■ Data ■
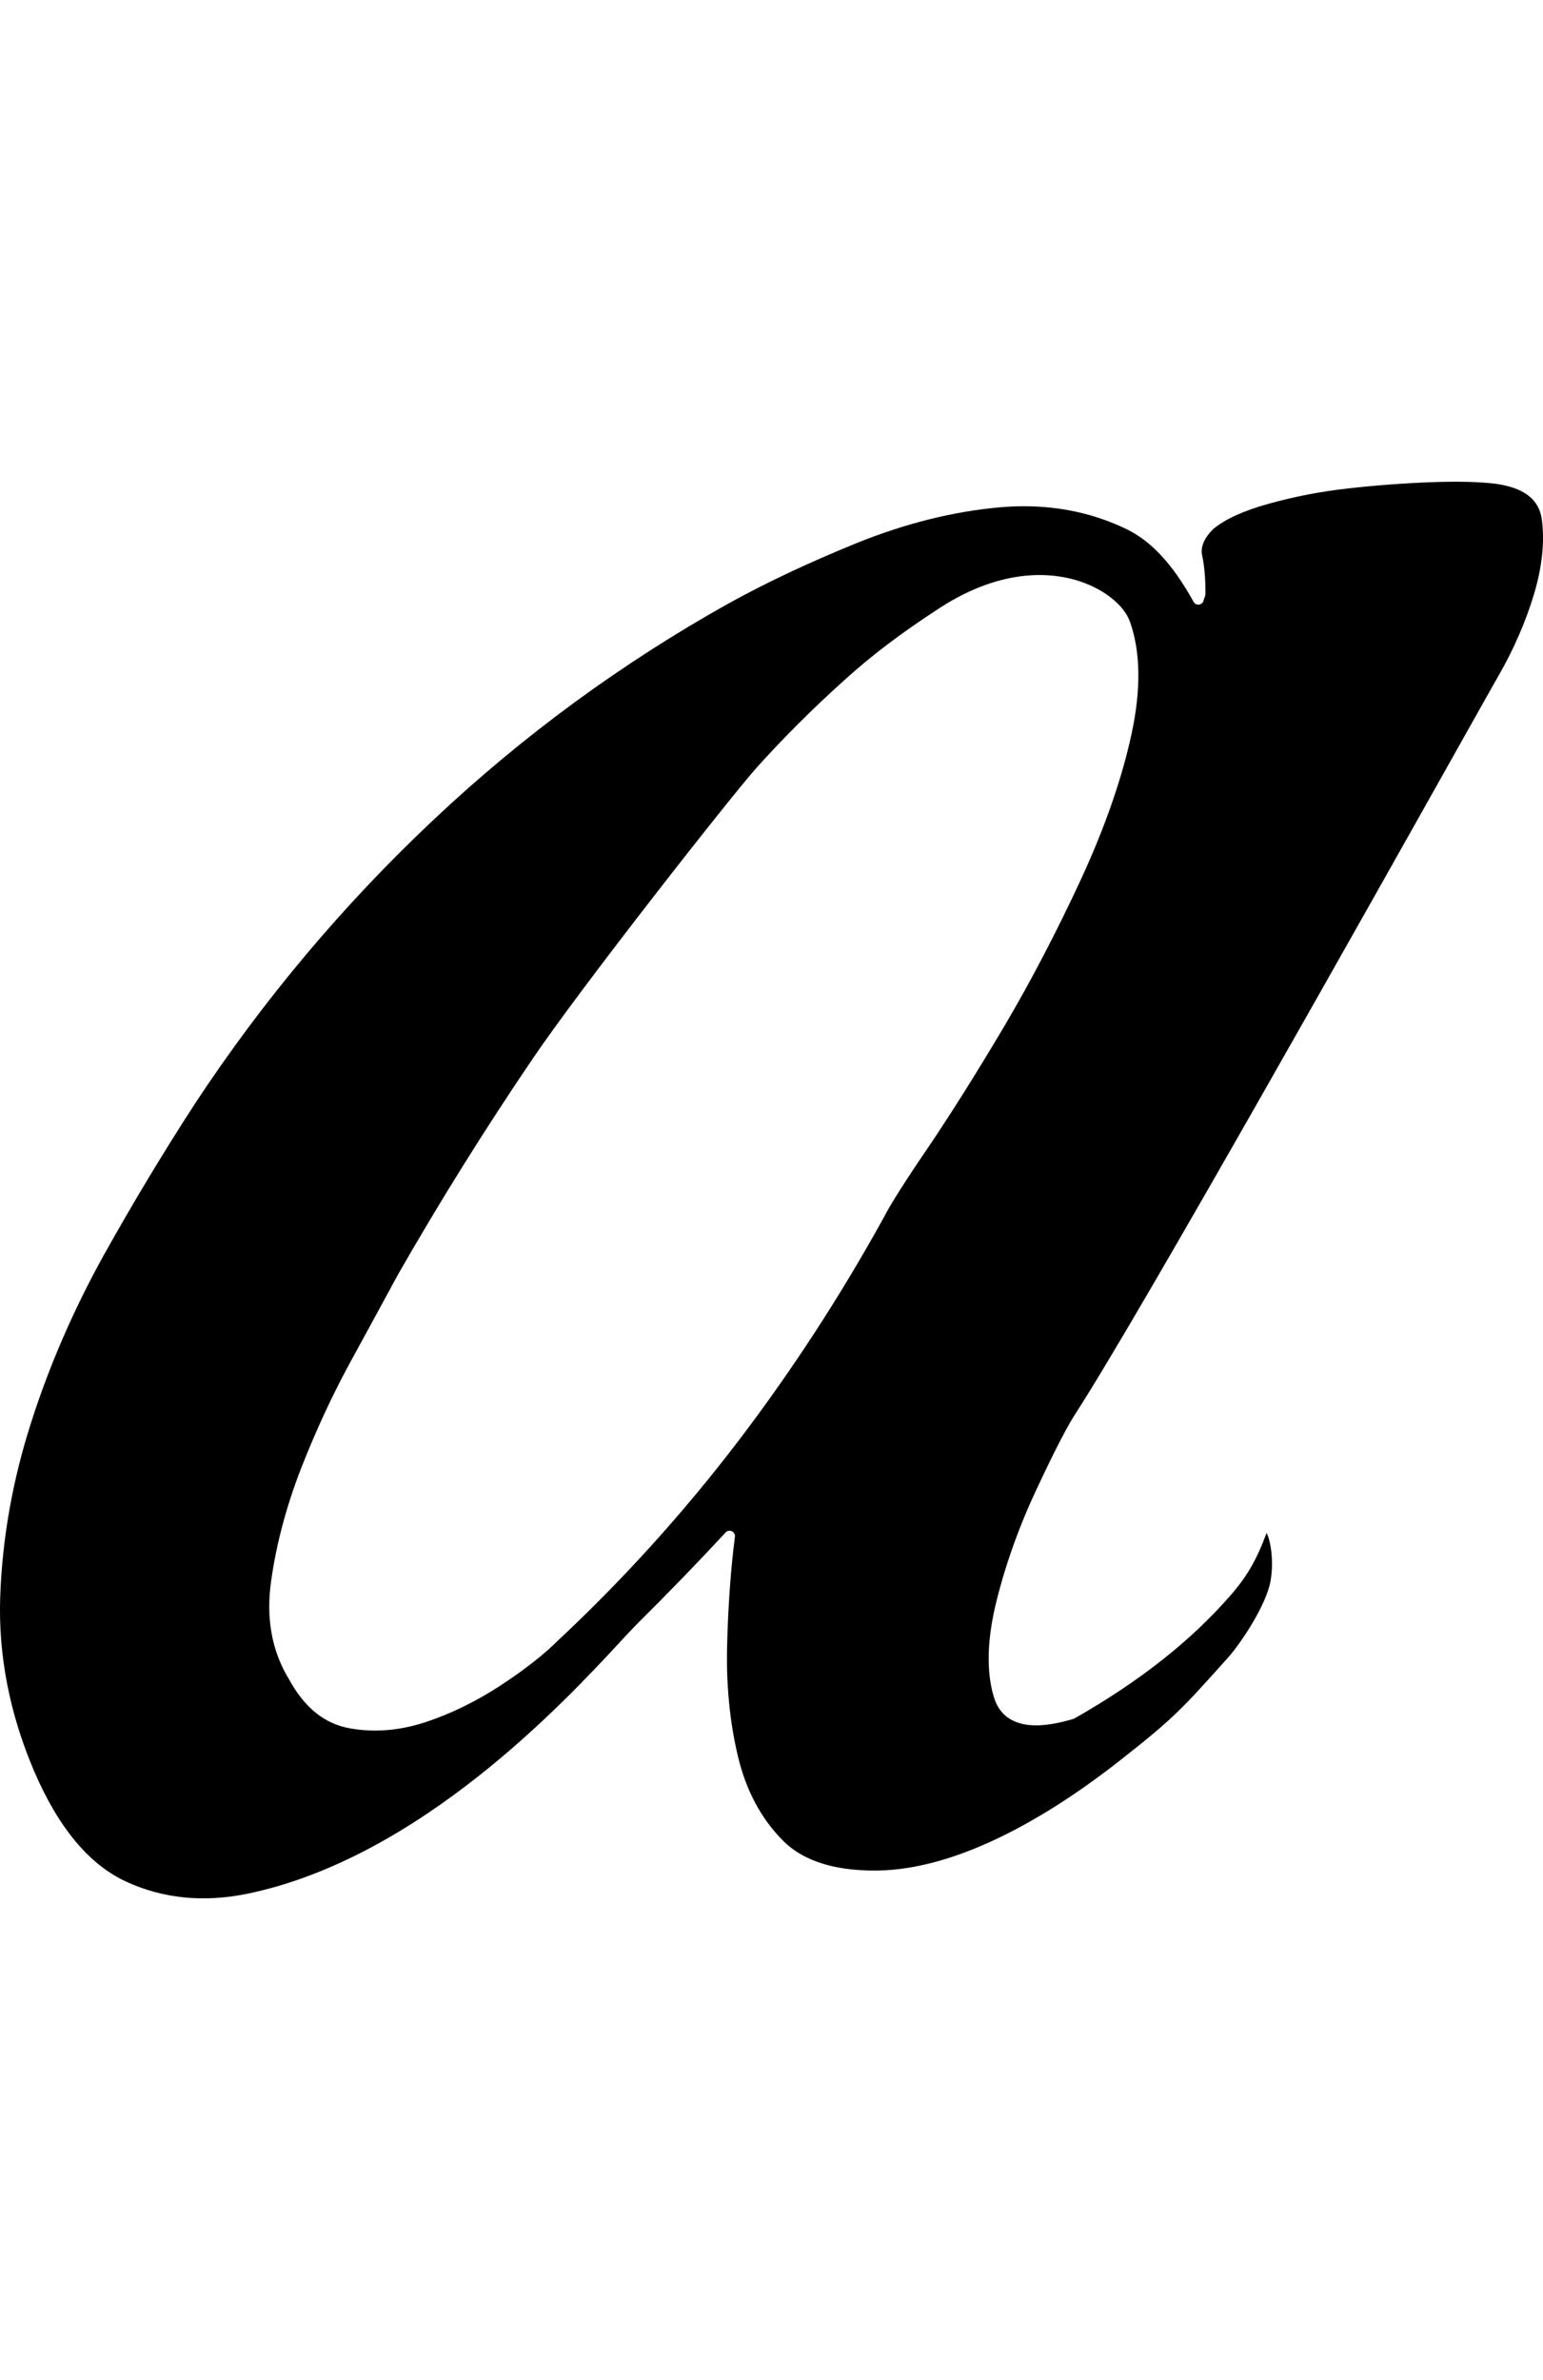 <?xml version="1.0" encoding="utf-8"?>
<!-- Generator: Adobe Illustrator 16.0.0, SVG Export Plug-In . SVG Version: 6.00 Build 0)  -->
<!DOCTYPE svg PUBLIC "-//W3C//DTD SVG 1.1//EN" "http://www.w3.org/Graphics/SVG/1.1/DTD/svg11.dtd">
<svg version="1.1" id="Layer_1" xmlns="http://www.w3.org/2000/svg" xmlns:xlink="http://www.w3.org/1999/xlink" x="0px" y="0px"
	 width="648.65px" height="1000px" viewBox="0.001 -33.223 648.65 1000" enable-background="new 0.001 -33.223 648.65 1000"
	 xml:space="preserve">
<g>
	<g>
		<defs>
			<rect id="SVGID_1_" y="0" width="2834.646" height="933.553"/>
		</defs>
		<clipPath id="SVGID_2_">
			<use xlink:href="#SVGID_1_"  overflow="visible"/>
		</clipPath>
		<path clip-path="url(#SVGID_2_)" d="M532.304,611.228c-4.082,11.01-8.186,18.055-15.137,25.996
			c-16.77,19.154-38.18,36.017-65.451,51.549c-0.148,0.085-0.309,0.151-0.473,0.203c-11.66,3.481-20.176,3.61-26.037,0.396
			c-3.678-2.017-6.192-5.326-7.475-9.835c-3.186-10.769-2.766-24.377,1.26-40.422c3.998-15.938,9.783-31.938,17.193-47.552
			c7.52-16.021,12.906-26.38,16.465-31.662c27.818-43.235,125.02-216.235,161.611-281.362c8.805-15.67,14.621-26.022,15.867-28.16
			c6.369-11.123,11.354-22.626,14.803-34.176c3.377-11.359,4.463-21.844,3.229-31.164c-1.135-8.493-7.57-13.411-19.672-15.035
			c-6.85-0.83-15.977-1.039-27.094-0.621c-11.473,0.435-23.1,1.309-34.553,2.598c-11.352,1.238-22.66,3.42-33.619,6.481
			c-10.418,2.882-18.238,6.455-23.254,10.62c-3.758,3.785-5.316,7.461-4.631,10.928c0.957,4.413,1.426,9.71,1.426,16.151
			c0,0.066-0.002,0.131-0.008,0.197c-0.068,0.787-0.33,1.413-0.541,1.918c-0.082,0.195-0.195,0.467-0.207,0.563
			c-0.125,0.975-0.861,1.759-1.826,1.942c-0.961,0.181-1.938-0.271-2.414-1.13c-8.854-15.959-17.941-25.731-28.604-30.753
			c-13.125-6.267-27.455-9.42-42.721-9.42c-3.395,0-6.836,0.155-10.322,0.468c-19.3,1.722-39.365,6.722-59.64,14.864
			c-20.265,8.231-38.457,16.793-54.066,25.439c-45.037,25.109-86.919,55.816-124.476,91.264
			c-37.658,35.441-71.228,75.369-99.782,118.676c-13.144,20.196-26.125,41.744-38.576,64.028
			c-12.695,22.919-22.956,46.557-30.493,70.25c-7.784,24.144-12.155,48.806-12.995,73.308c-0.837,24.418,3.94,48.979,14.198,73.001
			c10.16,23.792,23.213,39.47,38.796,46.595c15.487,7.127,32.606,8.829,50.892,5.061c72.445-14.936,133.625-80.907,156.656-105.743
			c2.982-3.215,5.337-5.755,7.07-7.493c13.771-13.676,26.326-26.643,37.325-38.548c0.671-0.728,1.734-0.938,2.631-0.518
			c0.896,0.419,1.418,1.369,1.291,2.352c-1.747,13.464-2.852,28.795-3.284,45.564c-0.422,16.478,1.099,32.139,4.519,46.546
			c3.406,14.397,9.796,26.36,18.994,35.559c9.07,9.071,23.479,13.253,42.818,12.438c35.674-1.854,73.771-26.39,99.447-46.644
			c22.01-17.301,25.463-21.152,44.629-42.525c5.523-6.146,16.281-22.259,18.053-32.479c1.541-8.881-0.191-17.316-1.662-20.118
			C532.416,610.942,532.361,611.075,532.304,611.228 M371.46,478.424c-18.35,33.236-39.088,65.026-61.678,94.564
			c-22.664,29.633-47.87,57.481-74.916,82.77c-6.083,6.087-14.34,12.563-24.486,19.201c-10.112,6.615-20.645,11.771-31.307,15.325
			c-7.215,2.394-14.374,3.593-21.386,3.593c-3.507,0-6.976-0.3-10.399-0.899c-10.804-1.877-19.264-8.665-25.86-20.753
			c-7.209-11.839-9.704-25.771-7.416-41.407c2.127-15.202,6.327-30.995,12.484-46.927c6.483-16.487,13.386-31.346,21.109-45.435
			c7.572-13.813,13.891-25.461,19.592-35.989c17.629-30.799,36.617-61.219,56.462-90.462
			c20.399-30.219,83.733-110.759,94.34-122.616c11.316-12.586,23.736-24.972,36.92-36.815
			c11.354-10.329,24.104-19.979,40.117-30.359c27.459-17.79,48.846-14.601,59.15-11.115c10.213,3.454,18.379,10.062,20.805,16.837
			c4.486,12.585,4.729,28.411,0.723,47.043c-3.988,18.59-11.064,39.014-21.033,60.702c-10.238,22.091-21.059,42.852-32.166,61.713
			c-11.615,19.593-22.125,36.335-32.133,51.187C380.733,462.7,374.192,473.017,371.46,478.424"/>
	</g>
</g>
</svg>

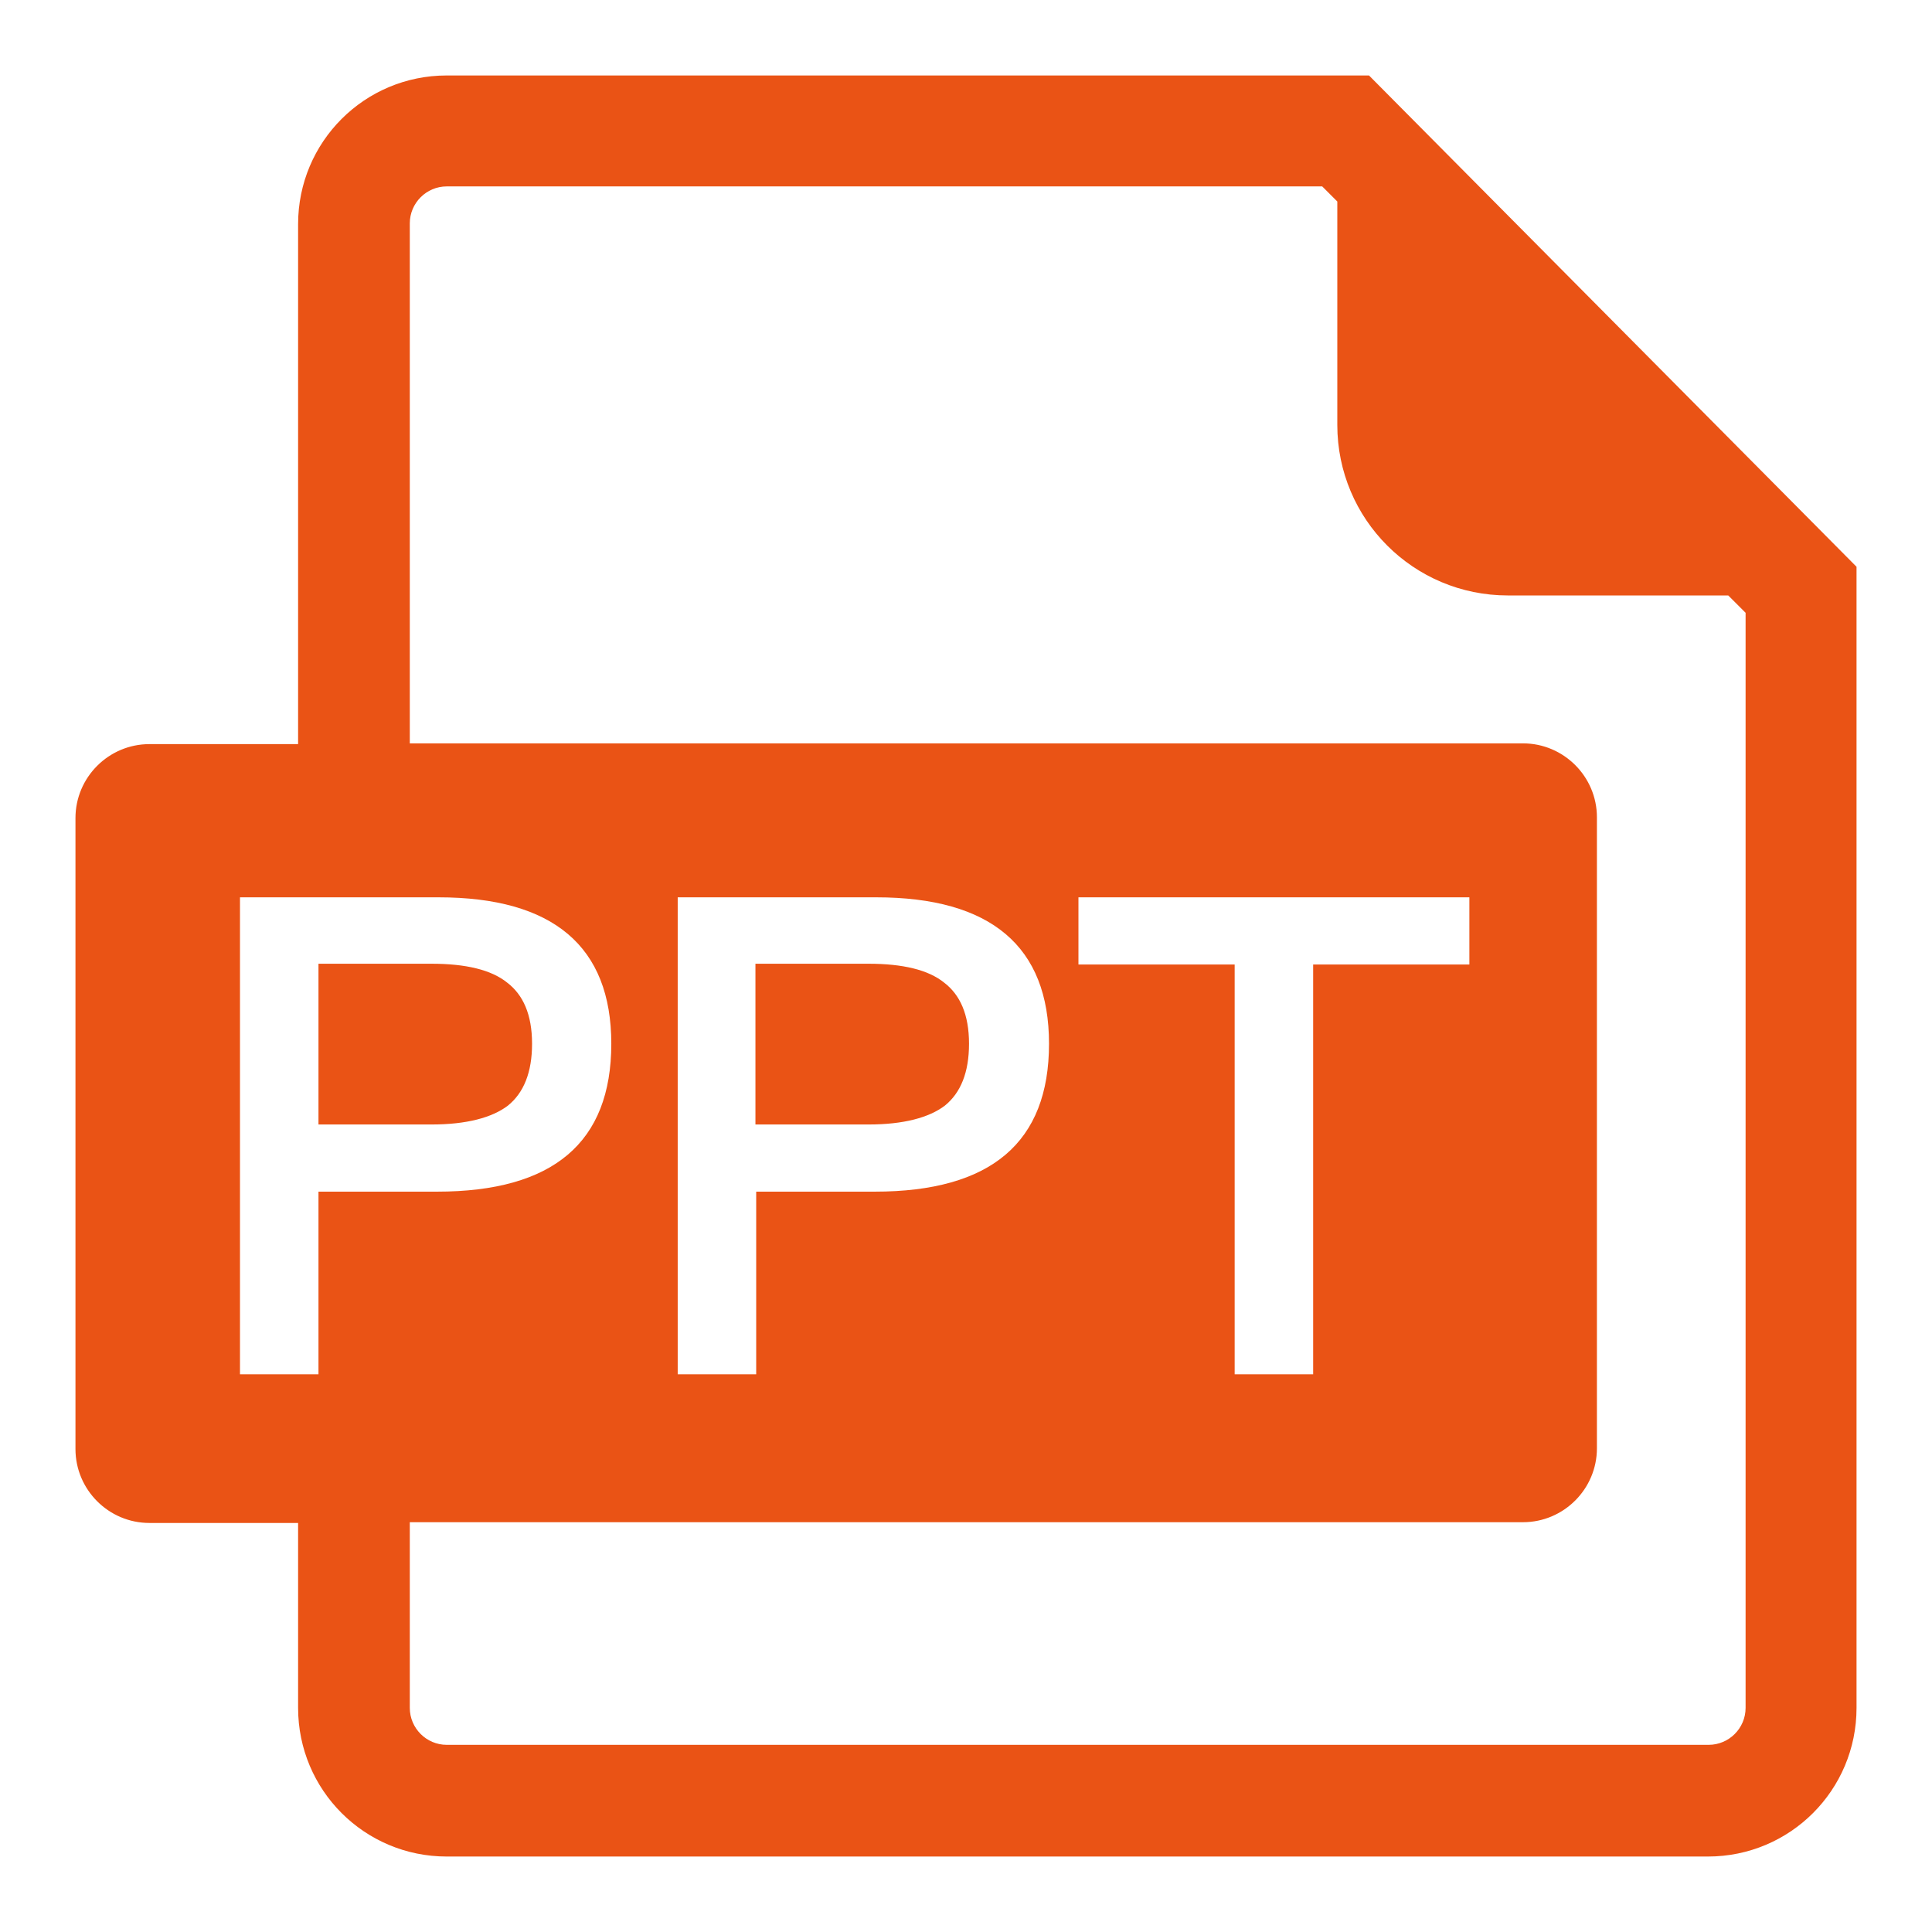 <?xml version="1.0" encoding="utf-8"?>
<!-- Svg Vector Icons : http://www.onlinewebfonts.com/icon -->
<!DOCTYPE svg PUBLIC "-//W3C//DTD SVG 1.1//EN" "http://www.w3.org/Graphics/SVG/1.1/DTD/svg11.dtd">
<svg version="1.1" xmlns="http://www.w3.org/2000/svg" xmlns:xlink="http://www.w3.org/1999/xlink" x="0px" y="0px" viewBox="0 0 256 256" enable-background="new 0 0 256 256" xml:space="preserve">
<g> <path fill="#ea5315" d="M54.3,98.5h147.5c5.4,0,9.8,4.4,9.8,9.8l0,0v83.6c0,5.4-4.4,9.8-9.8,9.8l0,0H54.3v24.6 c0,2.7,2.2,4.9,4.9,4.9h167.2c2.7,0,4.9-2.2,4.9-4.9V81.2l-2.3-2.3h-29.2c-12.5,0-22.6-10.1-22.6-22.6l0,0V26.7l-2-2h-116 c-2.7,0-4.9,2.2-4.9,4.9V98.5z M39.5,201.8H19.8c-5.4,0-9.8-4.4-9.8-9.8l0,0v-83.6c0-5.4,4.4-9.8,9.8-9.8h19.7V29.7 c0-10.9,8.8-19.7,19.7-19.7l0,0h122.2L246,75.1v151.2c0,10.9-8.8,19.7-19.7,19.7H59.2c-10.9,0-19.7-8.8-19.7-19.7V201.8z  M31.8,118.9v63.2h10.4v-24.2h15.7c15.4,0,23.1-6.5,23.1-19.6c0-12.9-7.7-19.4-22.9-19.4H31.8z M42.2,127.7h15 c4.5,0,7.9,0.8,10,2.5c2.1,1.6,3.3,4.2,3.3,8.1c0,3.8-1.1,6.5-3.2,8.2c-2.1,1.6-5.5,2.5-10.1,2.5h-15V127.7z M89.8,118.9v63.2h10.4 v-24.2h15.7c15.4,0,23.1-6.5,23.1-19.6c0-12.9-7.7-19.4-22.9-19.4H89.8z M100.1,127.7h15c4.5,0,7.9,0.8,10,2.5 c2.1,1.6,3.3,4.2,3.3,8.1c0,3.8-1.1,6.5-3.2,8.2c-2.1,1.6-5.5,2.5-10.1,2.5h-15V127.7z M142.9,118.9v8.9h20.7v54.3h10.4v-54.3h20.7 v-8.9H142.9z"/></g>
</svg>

■ Goal of the exercise ■
Report how many lines in the data contain the word "xmlns", with no words besides the number.

■ Exercise solution ■
2